Now, Tarif kind of stole some of my thunder in his opening talk, but that's okay, he's the president, that's fine. What you can do in RStudio Connect is that you can go across to the left-hand side where it says input, you can pop that open, and it will have the same ability to select parameters and define what the report is going to run. But the other nice thing is that if you do that and you save those things as named objects, then in RStudio Connect you've just got this little drop-down menu of pre-compiled reports.

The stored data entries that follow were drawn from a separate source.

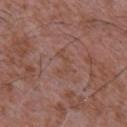Findings:
- diameter — ~3.5 mm (longest diameter)
- image source — ~15 mm crop, total-body skin-cancer survey
- patient — male, approximately 45 years of age
- site — the chest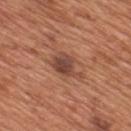Impression:
The lesion was tiled from a total-body skin photograph and was not biopsied.
Background:
A region of skin cropped from a whole-body photographic capture, roughly 15 mm wide. The lesion-visualizer software estimated a footprint of about 7.5 mm², a shape eccentricity near 0.75, and two-axis asymmetry of about 0.45. The analysis additionally found a mean CIELAB color near L≈45 a*≈23 b*≈28 and about 11 CIELAB-L* units darker than the surrounding skin. The software also gave a border-irregularity index near 4.5/10, a color-variation rating of about 4.5/10, and a peripheral color-asymmetry measure near 1.5. A male subject in their mid- to late 60s. From the mid back. This is a white-light tile.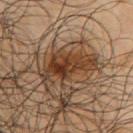This lesion was catalogued during total-body skin photography and was not selected for biopsy. From the right upper arm. This is a cross-polarized tile. A male subject aged around 65. Cropped from a total-body skin-imaging series; the visible field is about 15 mm. The recorded lesion diameter is about 7 mm.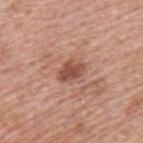diameter: ≈3 mm | imaging modality: ~15 mm crop, total-body skin-cancer survey | tile lighting: white-light | location: the upper back | patient: male, roughly 75 years of age.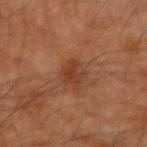Case summary:
- workup: total-body-photography surveillance lesion; no biopsy
- tile lighting: cross-polarized illumination
- diameter: ≈3 mm
- automated metrics: a border-irregularity rating of about 2.5/10 and radial color variation of about 0.5; a nevus-likeness score of about 30/100 and lesion-presence confidence of about 100/100
- subject: male, about 60 years old
- image: ~15 mm crop, total-body skin-cancer survey
- location: the right forearm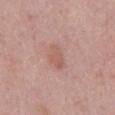biopsy_status: not biopsied; imaged during a skin examination
image:
  source: total-body photography crop
  field_of_view_mm: 15
site: abdomen
automated_metrics:
  area_mm2_approx: 4.5
  shape_asymmetry: 0.3
  vs_skin_contrast_norm: 5.0
lesion_size:
  long_diameter_mm_approx: 3.0
patient:
  sex: male
  age_approx: 50
lighting: white-light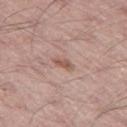| key | value |
|---|---|
| biopsy status | no biopsy performed (imaged during a skin exam) |
| image source | ~15 mm tile from a whole-body skin photo |
| site | the left thigh |
| patient | male, about 60 years old |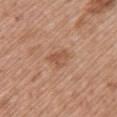Clinical impression: This lesion was catalogued during total-body skin photography and was not selected for biopsy. Acquisition and patient details: Located on the back. The tile uses white-light illumination. A female subject aged 58–62. A lesion tile, about 15 mm wide, cut from a 3D total-body photograph.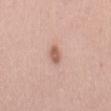notes: no biopsy performed (imaged during a skin exam) | lesion size: about 2.5 mm | image-analysis metrics: a mean CIELAB color near L≈60 a*≈21 b*≈28, a lesion–skin lightness drop of about 12, and a normalized border contrast of about 8; a border-irregularity index near 2.5/10 and a within-lesion color-variation index near 2/10; lesion-presence confidence of about 100/100 | acquisition: ~15 mm tile from a whole-body skin photo | location: the mid back | illumination: white-light illumination | subject: female, aged 58 to 62.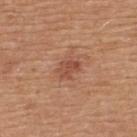notes = imaged on a skin check; not biopsied
illumination = white-light illumination
body site = the upper back
automated lesion analysis = a lesion-detection confidence of about 100/100
diameter = about 3 mm
imaging modality = ~15 mm crop, total-body skin-cancer survey
subject = male, aged around 65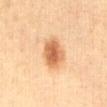Clinical impression: Part of a total-body skin-imaging series; this lesion was reviewed on a skin check and was not flagged for biopsy. Acquisition and patient details: Located on the front of the torso. This is a cross-polarized tile. A lesion tile, about 15 mm wide, cut from a 3D total-body photograph. A female subject, aged approximately 30.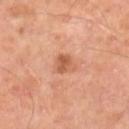notes = no biopsy performed (imaged during a skin exam)
subject = male, aged 48–52
site = the left leg
tile lighting = cross-polarized illumination
image source = ~15 mm tile from a whole-body skin photo
automated metrics = an area of roughly 4.5 mm²; internal color variation of about 2.5 on a 0–10 scale and a peripheral color-asymmetry measure near 1; a nevus-likeness score of about 35/100 and a detector confidence of about 100 out of 100 that the crop contains a lesion
diameter = about 3 mm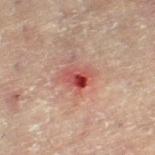  image:
    source: total-body photography crop
    field_of_view_mm: 15
  lighting: cross-polarized
  automated_metrics:
    border_irregularity_0_10: 3.0
    color_variation_0_10: 10.0
    nevus_likeness_0_100: 0
  patient:
    sex: female
    age_approx: 80
  site: right leg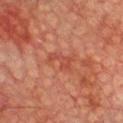The recorded lesion diameter is about 3.5 mm.
From the chest.
This image is a 15 mm lesion crop taken from a total-body photograph.
A male patient aged around 75.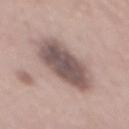Q: Was this lesion biopsied?
A: no biopsy performed (imaged during a skin exam)
Q: Illumination type?
A: white-light illumination
Q: What kind of image is this?
A: ~15 mm crop, total-body skin-cancer survey
Q: Patient demographics?
A: male, roughly 55 years of age
Q: Where on the body is the lesion?
A: the mid back
Q: Lesion size?
A: about 7.5 mm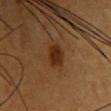Clinical impression: Captured during whole-body skin photography for melanoma surveillance; the lesion was not biopsied. Background: A lesion tile, about 15 mm wide, cut from a 3D total-body photograph. On the upper back. A female patient, about 45 years old.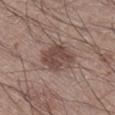This lesion was catalogued during total-body skin photography and was not selected for biopsy.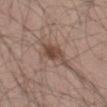| feature | finding |
|---|---|
| follow-up | catalogued during a skin exam; not biopsied |
| subject | male, approximately 45 years of age |
| image | total-body-photography crop, ~15 mm field of view |
| site | the left thigh |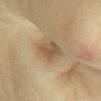imaging modality — total-body-photography crop, ~15 mm field of view | image-analysis metrics — a within-lesion color-variation index near 3/10 and peripheral color asymmetry of about 1 | site — the right lower leg | illumination — cross-polarized illumination | lesion diameter — about 3 mm | patient — female, aged 53–57.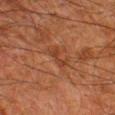| feature | finding |
|---|---|
| workup | total-body-photography surveillance lesion; no biopsy |
| patient | male, aged around 80 |
| lesion diameter | ~3 mm (longest diameter) |
| acquisition | ~15 mm crop, total-body skin-cancer survey |
| site | the left thigh |
| image-analysis metrics | a footprint of about 2.5 mm², an eccentricity of roughly 0.9, and two-axis asymmetry of about 0.55; a mean CIELAB color near L≈31 a*≈21 b*≈28; a border-irregularity index near 6.5/10, a color-variation rating of about 0/10, and a peripheral color-asymmetry measure near 0 |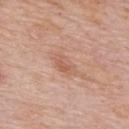workup: total-body-photography surveillance lesion; no biopsy
location: the back
size: ≈3.5 mm
illumination: white-light
patient: male, in their mid- to late 70s
imaging modality: 15 mm crop, total-body photography
image-analysis metrics: a footprint of about 5 mm² and a shape eccentricity near 0.85; a lesion color around L≈59 a*≈22 b*≈30 in CIELAB, about 7 CIELAB-L* units darker than the surrounding skin, and a normalized lesion–skin contrast near 5; border irregularity of about 2.5 on a 0–10 scale, a within-lesion color-variation index near 2.5/10, and peripheral color asymmetry of about 0.5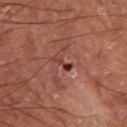lighting: cross-polarized
lesion_size:
  long_diameter_mm_approx: 2.5
image:
  source: total-body photography crop
  field_of_view_mm: 15
automated_metrics:
  eccentricity: 0.95
  shape_asymmetry: 0.5
  cielab_L: 32
  cielab_a: 25
  cielab_b: 22
  vs_skin_darker_L: 10.0
  vs_skin_contrast_norm: 9.0
  border_irregularity_0_10: 5.5
  color_variation_0_10: 0.0
  peripheral_color_asymmetry: 0.0
  nevus_likeness_0_100: 0
  lesion_detection_confidence_0_100: 95
patient:
  sex: male
  age_approx: 55
site: left thigh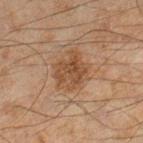This lesion was catalogued during total-body skin photography and was not selected for biopsy.
Located on the leg.
Imaged with cross-polarized lighting.
An algorithmic analysis of the crop reported a footprint of about 13 mm². The analysis additionally found a mean CIELAB color near L≈39 a*≈16 b*≈27, roughly 7 lightness units darker than nearby skin, and a lesion-to-skin contrast of about 7 (normalized; higher = more distinct). The analysis additionally found internal color variation of about 3.5 on a 0–10 scale and radial color variation of about 1.
A male subject aged 43 to 47.
A lesion tile, about 15 mm wide, cut from a 3D total-body photograph.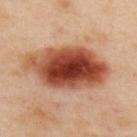Q: Was this lesion biopsied?
A: catalogued during a skin exam; not biopsied
Q: Lesion location?
A: the upper back
Q: Automated lesion metrics?
A: a lesion area of about 36 mm², an outline eccentricity of about 0.85 (0 = round, 1 = elongated), and a symmetry-axis asymmetry near 0.15; a border-irregularity index near 2/10, a color-variation rating of about 10/10, and radial color variation of about 3.5; an automated nevus-likeness rating near 100 out of 100 and a lesion-detection confidence of about 100/100
Q: Lesion size?
A: ≈9.5 mm
Q: Who is the patient?
A: female, aged around 40
Q: How was this image acquired?
A: total-body-photography crop, ~15 mm field of view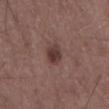The lesion was tiled from a total-body skin photograph and was not biopsied.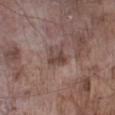The tile uses white-light illumination. The lesion is on the left lower leg. The recorded lesion diameter is about 2.5 mm. A male patient, aged around 75. A 15 mm close-up extracted from a 3D total-body photography capture.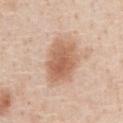notes: no biopsy performed (imaged during a skin exam)
body site: the chest
lighting: white-light illumination
image: 15 mm crop, total-body photography
patient: male, aged 58 to 62
automated lesion analysis: an area of roughly 17 mm², an outline eccentricity of about 0.7 (0 = round, 1 = elongated), and a shape-asymmetry score of about 0.2 (0 = symmetric); a lesion color around L≈62 a*≈21 b*≈32 in CIELAB and roughly 12 lightness units darker than nearby skin; an automated nevus-likeness rating near 95 out of 100 and lesion-presence confidence of about 100/100
lesion size: ≈5.5 mm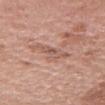Captured during whole-body skin photography for melanoma surveillance; the lesion was not biopsied.
An algorithmic analysis of the crop reported a lesion area of about 4.5 mm² and an eccentricity of roughly 0.95. And it measured a color-variation rating of about 2/10 and peripheral color asymmetry of about 0.5. The analysis additionally found an automated nevus-likeness rating near 0 out of 100 and lesion-presence confidence of about 55/100.
A female subject approximately 65 years of age.
This is a white-light tile.
The lesion's longest dimension is about 4.5 mm.
A 15 mm crop from a total-body photograph taken for skin-cancer surveillance.
The lesion is located on the head or neck.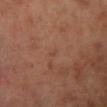Q: Is there a histopathology result?
A: total-body-photography surveillance lesion; no biopsy
Q: What kind of image is this?
A: ~15 mm crop, total-body skin-cancer survey
Q: What lighting was used for the tile?
A: cross-polarized illumination
Q: What are the patient's age and sex?
A: male, about 70 years old
Q: Where on the body is the lesion?
A: the left lower leg
Q: Lesion size?
A: ≈1 mm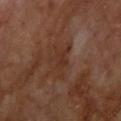lesion_size:
  long_diameter_mm_approx: 4.0
site: back
lighting: cross-polarized
patient:
  sex: male
  age_approx: 70
image:
  source: total-body photography crop
  field_of_view_mm: 15

So what you might want to do is to set up, you know, commonly used, here it was all right because there's only six reports in total that could be done, but it's that ability that if someone has already run this report, you can just quickly grab it and it doesn't have to recompile.

More on parameterization

Okay, so more about parameterization. So what we saw was when we rendered the report, you go to the render with parameters or knit with parameters, but from the command line you can pass in your parameters just through a list like this, okay, and it's really straightforward. The second thing is you might want to change your analysis depending on which endpoint you're looking at. If you're looking at a categorical outcome, you're not going to want to fit a linear model, or at least you shouldn't.

So in that case you may want to tailor your analysis depending on the parameter endpoint, but again it's just, you know, another thing that you can compute on within a chunk. Also if something goes wrong with your analysis, then if you're handling the error appropriately, if you're using try-catch or something like that, you can compute on that and then have a trial document that says something helpful like, you know, something's gone wrong, contact your friendly data scientist, you know, here's his details, okay?

So the other last thing back to XKCD is how long should you spend parameterizing your report and setting things up? Now this is kind of alarming. I know that JD Long has also talked to this graph today, but the thing I want to impress on you is basically, you know, this is over five years. So, you know, if you spend a day or two days or five days sorting this out, then, and only two people are going to use it once every six months, maybe I wasted my time. But on the other hand I got a conference talk out of it, so that's good.

Anyway, thank you very much for your attention. Feel free to ask questions.

Q&A

All right, thank you very much, Mike. We have time for questions before the break for lunch. Hands, please.

Can I ask one myself? So you're building all of this wonderful machinery and then you move on and somebody else has to maintain it. How many of the people that you work with understand and value the machinery that you've just shown us?

Ooh, that's a tricky question. Not many at present. And how are you tackling that? Well, I've just done the train the trainer on the tidyverse and I'm here, so I'm going to go back and evangelize and, you know, but yes, it's a problem that we need to try to roll this out and get more and more people familiar with how it works.